*** DATA Section Begins ***

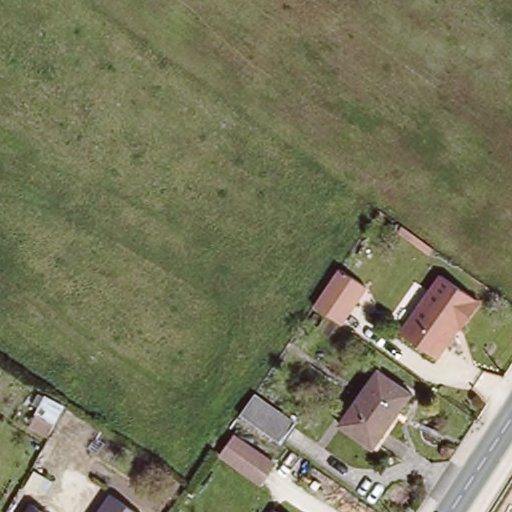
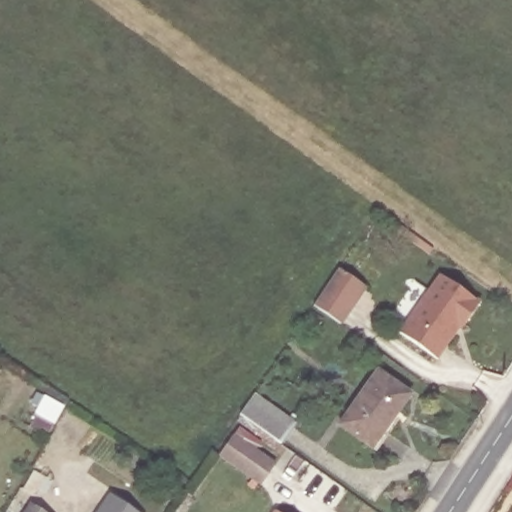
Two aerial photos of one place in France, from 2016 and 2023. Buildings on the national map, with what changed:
unchanged [(442,273),(482,300),(463,327),(458,323),(433,358),(398,333),(442,273)]
unchanged [(363,291),(341,320),(322,305),(343,276),(363,291)]
unchanged [(419,396),(383,448),(337,416),(373,364),(419,396)]
unchanged [(292,419),(275,443),(238,418),(255,393),(292,419)]
unchanged [(59,417),(48,435),(35,427),(31,424),(43,406),(46,408),(59,417)]
unchanged [(273,460),(259,480),(219,452),(234,432),(273,460)]
unchanged [(145,512),(95,512),(108,490),(145,512)]
unchanged [(58,512),(23,512),(31,498),(58,512)]
unchanged [(279,512),(268,512),(271,507),(279,512)]

*** DATA Section Ends ***

• TASK DETAILS
Would you give the data above again word for word, skipping any images?

• WRITTEN SOLUTION
Two aerial photos of one place in France, from 2016 and 2023. Buildings on the national map, with what changed:
unchanged [(442,273),(482,300),(463,327),(458,323),(433,358),(398,333),(442,273)]
unchanged [(363,291),(341,320),(322,305),(343,276),(363,291)]
unchanged [(419,396),(383,448),(337,416),(373,364),(419,396)]
unchanged [(292,419),(275,443),(238,418),(255,393),(292,419)]
unchanged [(59,417),(48,435),(35,427),(31,424),(43,406),(46,408),(59,417)]
unchanged [(273,460),(259,480),(219,452),(234,432),(273,460)]
unchanged [(145,512),(95,512),(108,490),(145,512)]
unchanged [(58,512),(23,512),(31,498),(58,512)]
unchanged [(279,512),(268,512),(271,507),(279,512)]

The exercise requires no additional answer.